Algorithmic stablecoins maintain their peg through incentive mechanisms rather than collateral. When demand drops, the protocol creates/mints/burns governance tokens to absorb selling pressure. This creates a fundamental problem: the stabilization mechanism depends on market confidence in the governance token — the very thing that’s collapsing when a depeg starts.

It’s a reflexive death spiral waiting to happen.

Case Study: UST (Terra)

TrustGrade’s historical scoring of UST (before its collapse):

DateScoreGradePeg DeviationSignal
Jan 202262C±0.5%Thin collateral (3% BTC reserve)
Apr 202255D±1.2%Anchor Protocol withdrawals accelerating
May 7, 202238F-3.2%Death spiral initiated
May 9, 202212F-30%Terminal collapse

The Bayesian model detected the deterioration months before the collapse. As Anchor Protocol withdrawals accelerated (the “bank run” precursor), the Wilson score on peg stability dropped.

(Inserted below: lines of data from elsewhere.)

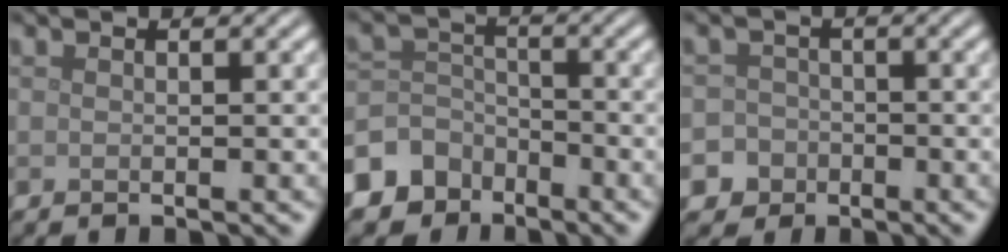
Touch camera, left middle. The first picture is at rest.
{"total": 7.0, "force": [-5.1, 4.8, 0.8], "torque": [-0.008, -0.005, -0.108]}
{"total": 4.6, "force": [-2.6, 3.8, 0.4], "torque": [0.015, -0.008, -0.055]}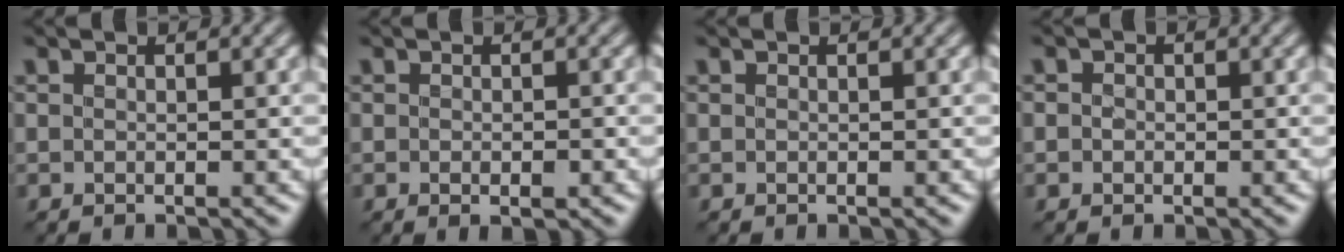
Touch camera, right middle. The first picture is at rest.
{"total": 1.4, "force": [-0.3, 0.5, 1.2], "torque": [-0.020, -0.004, -0.002]}
{"total": 0.0}
{"total": 0.9, "force": [0.1, 0.9, 0.4], "torque": [-0.002, -0.001, -0.006]}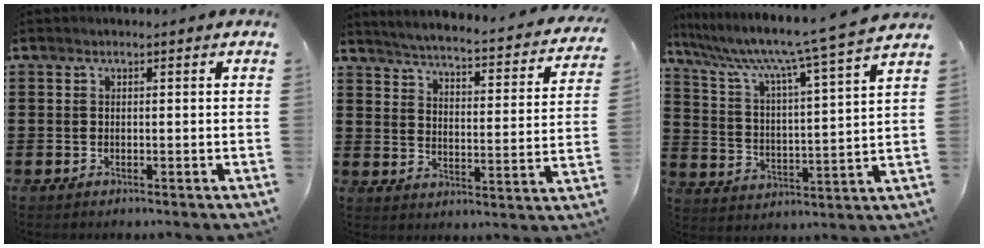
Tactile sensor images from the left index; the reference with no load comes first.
{"total": 3.5, "force": [3.3, -0.4, 1.0], "torque": [-0.039, -0.034, 0.046]}
{"total": 7.8, "force": [6.4, -0.8, 4.4], "torque": [-0.113, -0.054, 0.095]}

The compound penalty amplified each day of deviation.

If an AI agent had checked UST’s TrustGrade on May 1, 2022, it would have seen a D-grade asset and blocked all interactions.

Current Algorithmic Stablecoins (July 2026)

StablecoinScoreGradeNotes
USDD (Tron)42FLimited collateral, centralized control
USTC (Terra Classic)8FTerminal — peg never recovered
FRAX (V2)58DPartial algorithmic, transitioning to fully collateralized

FRAX is the highest-scoring “algorithmic” stablecoin because it’s been migrating toward full collateralization. As its collateral ratio increases, its score improves. But the algorithmic component keeps it in D territory.

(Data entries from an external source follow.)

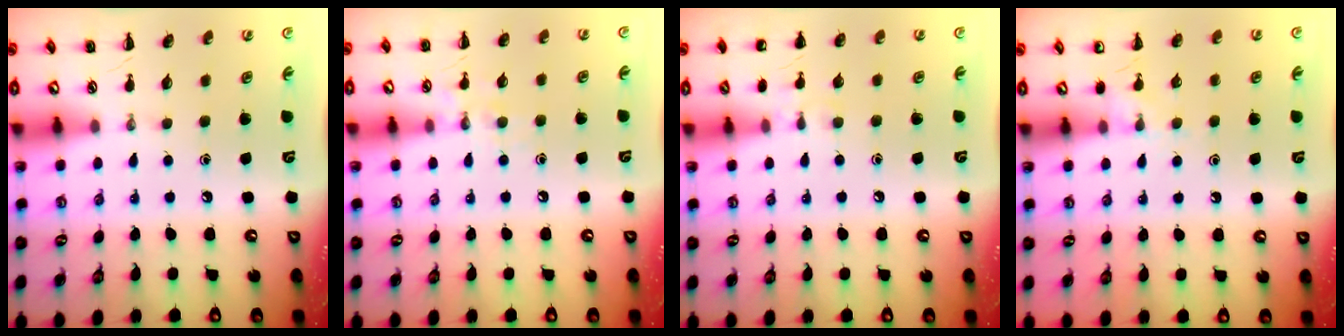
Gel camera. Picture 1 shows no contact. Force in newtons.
{"total": 7.1, "press": 7.0, "slide": 1.2}
{"total": 5.8, "press": 5.5, "slide": 1.9}
{"total": 6.4, "press": 6.1, "slide": 1.9}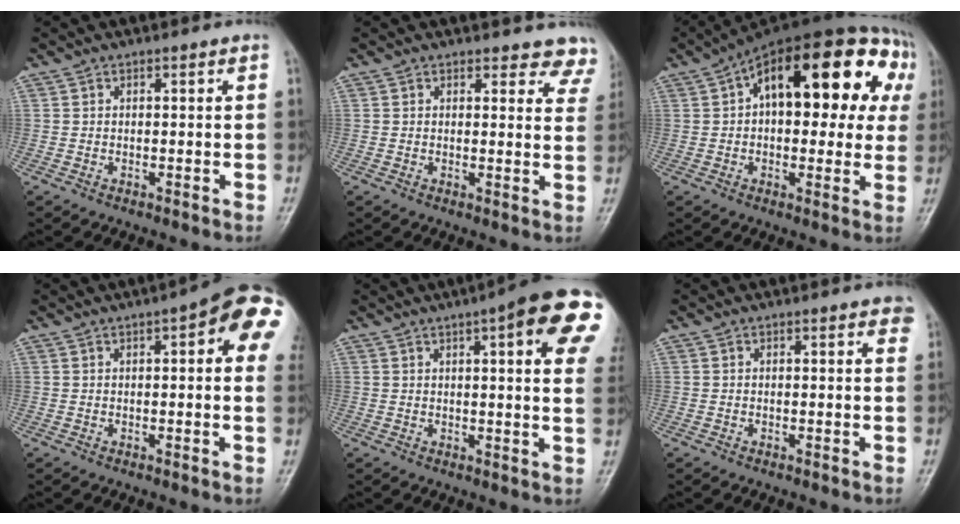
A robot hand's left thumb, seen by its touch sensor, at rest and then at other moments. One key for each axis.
{"total": 7.0, "fx": 6.5, "fy": 2.6, "fz": 0.6, "tx": 0.044, "ty": -0.031, "tz": 0.041}
{"total": 25.5, "fx": 6.3, "fy": 12.8, "fz": 21.1, "tx": -0.271, "ty": 0.048, "tz": 0.083}
{"total": 13.3, "fx": 4.1, "fy": 3.8, "fz": 12.1, "tx": -0.131, "ty": 0.005, "tz": 0.036}
{"total": 17.8, "fx": 6.9, "fy": 3.9, "fz": 16.0, "tx": -0.190, "ty": -0.006, "tz": 0.075}
{"total": 3.0, "fx": 1.7, "fy": 1.0, "fz": 2.2, "tx": -0.015, "ty": 0.002, "tz": 0.015}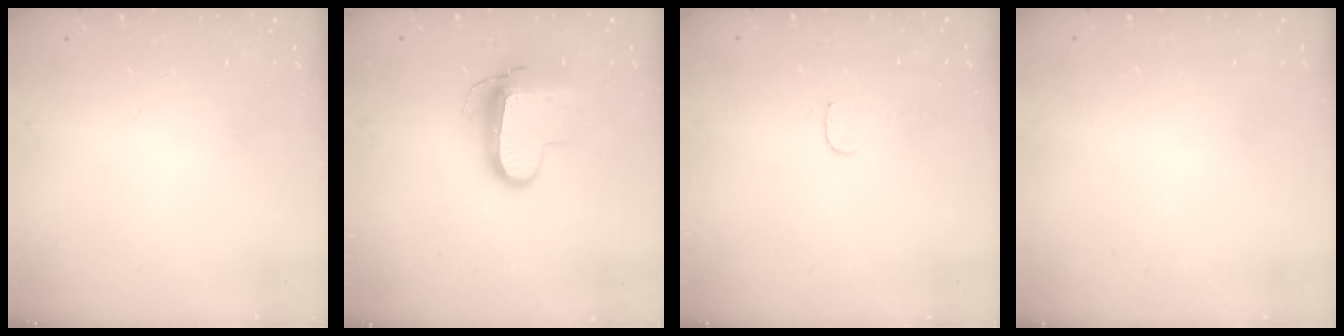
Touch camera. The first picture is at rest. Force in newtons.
{"total": 11.1, "press": 11.1, "slide": 1.0}
{"total": 3.2, "press": 3.1, "slide": 0.3}
{"total": 0.6, "press": 0.5, "slide": 0.2}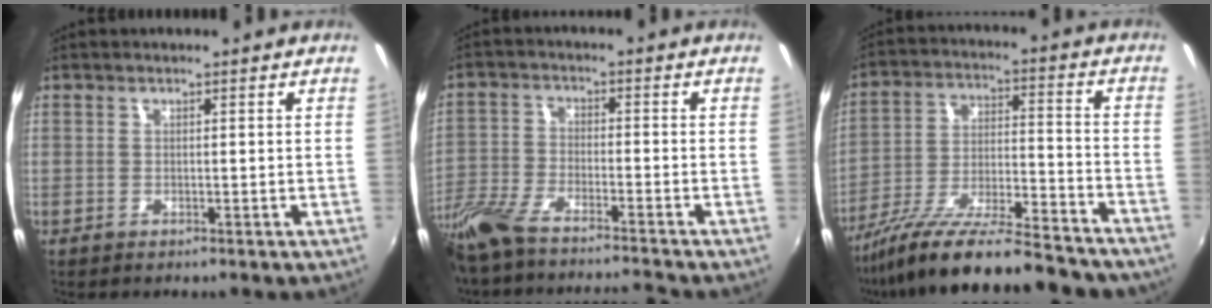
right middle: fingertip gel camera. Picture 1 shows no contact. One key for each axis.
{"total": 14.7, "fx": -12.8, "fy": 1.9, "fz": 7.0, "tx": -0.174, "ty": -0.035, "tz": -0.241}
{"total": 23.7, "fx": -19.7, "fy": 4.5, "fz": 12.5, "tx": -0.219, "ty": -0.047, "tz": -0.299}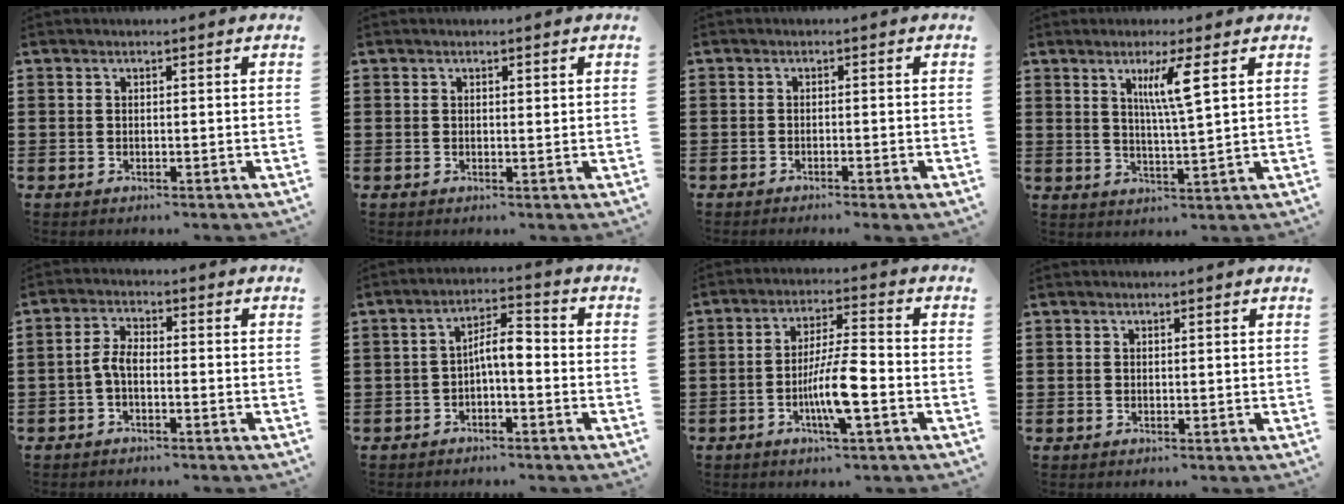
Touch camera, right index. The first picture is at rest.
{"total": 0.6, "force": [0.4, 0.4, 0.3], "torque": [-0.007, 0.004, 0.006]}
{"total": 1.0, "force": [-0.8, -0.2, 0.5], "torque": [-0.009, 0.000, -0.017]}
{"total": 5.5, "force": [2.5, 0.1, 5.0], "torque": [-0.095, -0.003, 0.035]}
{"total": 3.3, "force": [-1.2, 1.4, 2.7], "torque": [-0.072, -0.001, -0.031]}
{"total": 4.7, "force": [-1.0, 1.5, 4.3], "torque": [-0.082, 0.016, -0.023]}
{"total": 7.9, "force": [-2.6, 1.2, 7.3], "torque": [-0.141, -0.006, -0.052]}
{"total": 0.7, "force": [0.4, 0.6, 0.0], "torque": [-0.001, 0.004, 0.007]}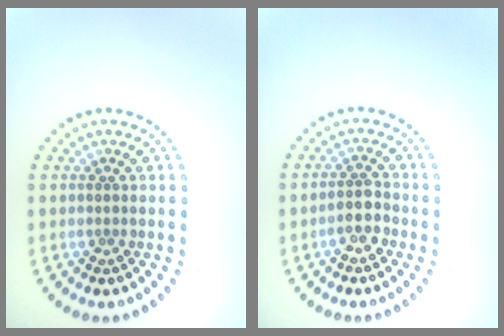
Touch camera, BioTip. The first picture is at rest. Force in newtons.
{"total": 2.2, "press": 2.0, "slide": 0.8}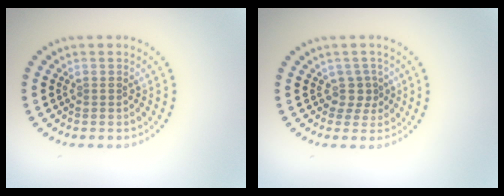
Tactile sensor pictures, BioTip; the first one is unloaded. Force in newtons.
{"total": 1.8, "press": 1.1, "slide": 1.4}

The TrustGrade Stablecoin Trust Matrix

StablecoinScoreGradeBackingPeg (90d)Daily Vol
USDC89ACash + Treasuries±0.02%$8B
DAI85A−Over-collateralized (mixed)±0.05%$2B
USDT76BMixed reserves±0.04%$45B
BUSDDiscontinued (Paxos)
FRAX58DPartially algorithmic±0.15%$200M
USDD42FLimited collateral±0.30%$80M
USTC8FUn collateralized±85%<$1M

How to Use These Scores

For Developers and AI Agents

Integrate TrustGrade stablecoin scores to automatically filter which tokens your application accepts:

# MCP query: only accept A-grade stablecoins
result = await mcp_client.call_tool("check_trust", {
    "entity_type": "stablecoin",
    "entity_id": "USDC"
})

accepted_stablecoins = []
for coin in ["USDC", "USDT", "DAI", "FRAX", "USDD"]:
    score = await get_trustgrade_score(coin)
    if score["grade"] in ("A", "A-", "B+"):
        accepted_stablecoins.append(coin)
    else:
        log.warning(f"Rejected {coin}: grade {score['grade']}")
# Result: ["USDC", "DAI"] (USDT may pass if threshold is B)

For Traders and DeFi Users

Use the score as a first filter, not the final decision. A stablecoin scoring B might be acceptable for short-term yield farming but not for long-term holding. F-grade stablecoins should never be held.

For Protocols

If your protocol accepts multiple stablecoins as collateral, use TrustGrade scores to set dynamic loan-to-value ratios — higher LTV for A-grade coins, lower for B-grade, zero for D and F.

Conclusion

The data is unambiguous: collateralized stablecoins are safer than algorithmic ones. This isn’t a controversial opinion — it’s what the Bayesian math says when you feed it peg data, collateral composition, and depeg history.

USDC earns its A through transparent backing, excellent peg stability, and rapid recovery from the one significant depeg event. Algorithmic stablecoins earn their F through structural fragility — the stabilization mechanism itself becomes the attack vector.

When you see a TrustGrade score on a stablecoin, you’re seeing the output of months of onchain data, processed through a methodology that doesn’t care about marketing, team reputation, or community sentiment. Just the numbers.